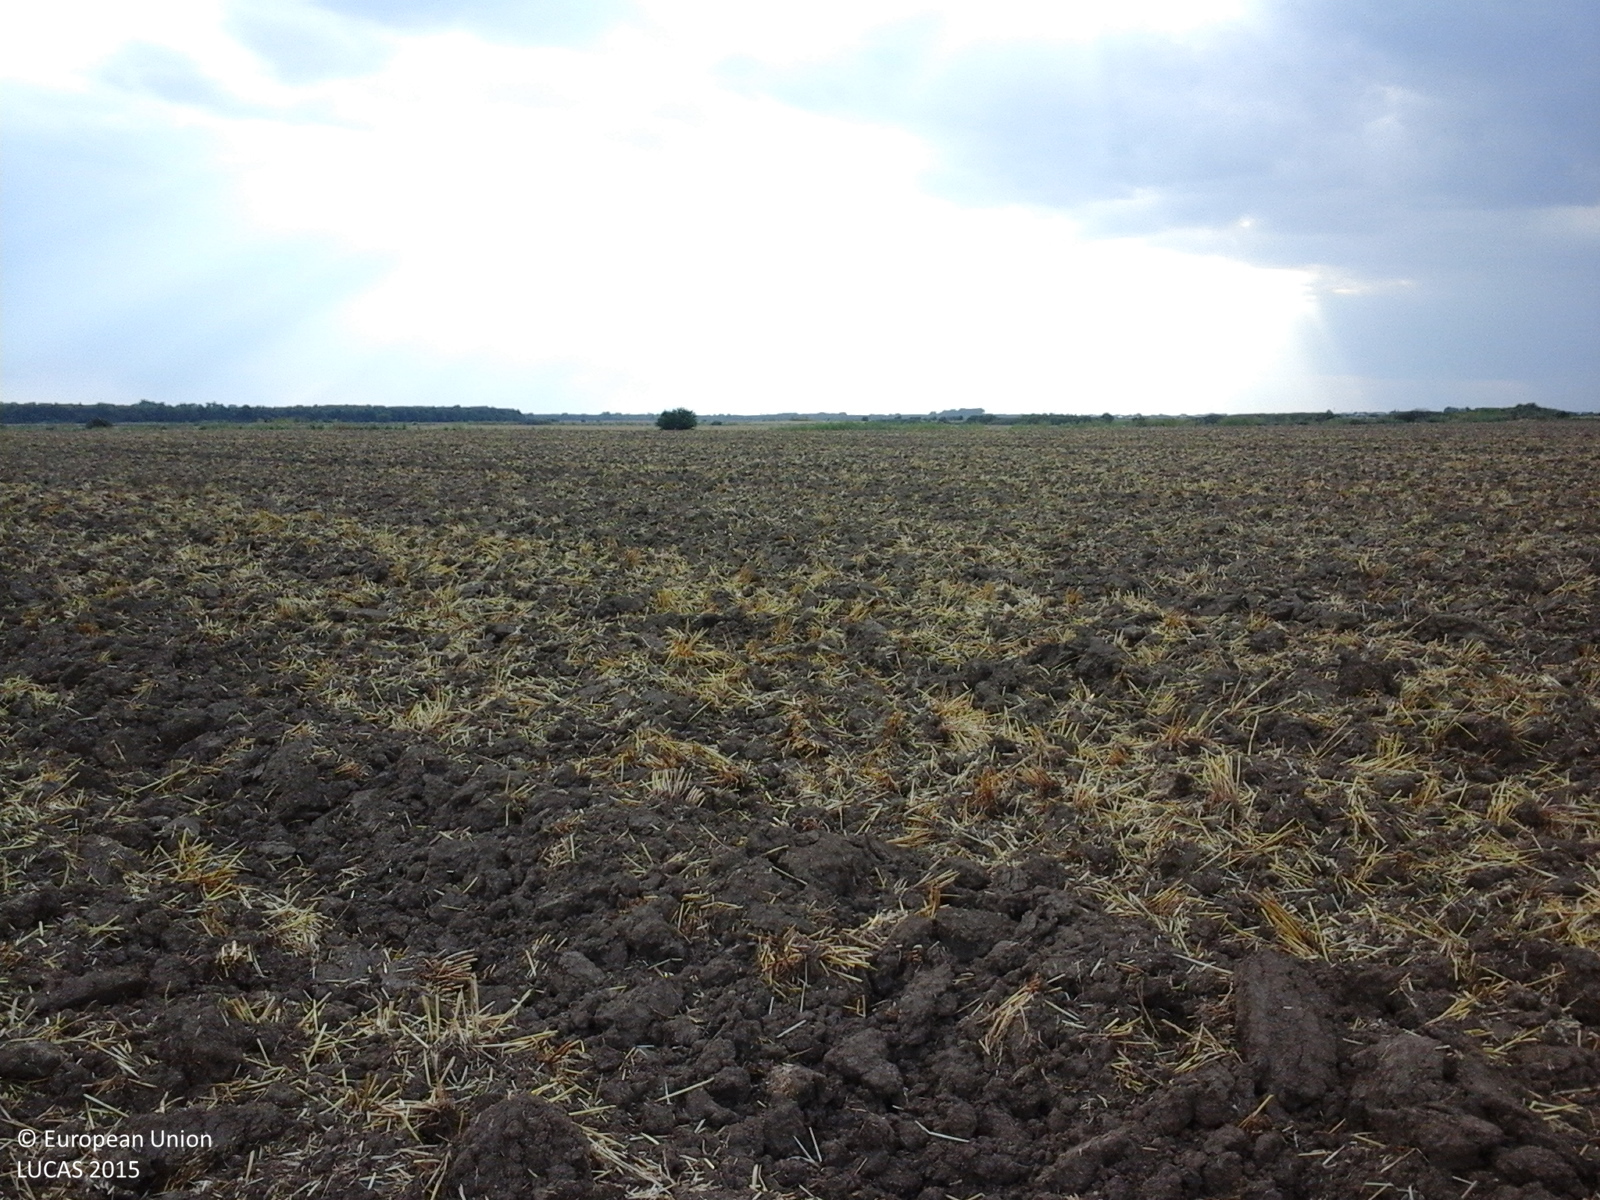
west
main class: Cropland
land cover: Common wheat
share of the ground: 25 - 50 %
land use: Agriculture (excluding fallow land and kitchen gardens)
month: June
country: RO
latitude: 44.2512
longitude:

▬▬▬▬▬▬▬▬▬▬

*WORK ORDER:* Transcribe the listing in full. Omit the pictures and keep every line exact.

*SOLVED PROBLEM:*
west
main class: Cropland
land cover: Common wheat
share of the ground: 25 - 50 %
land use: Agriculture (excluding fallow land and kitchen gardens)
month: June
country: RO
latitude: 44.2512
longitude:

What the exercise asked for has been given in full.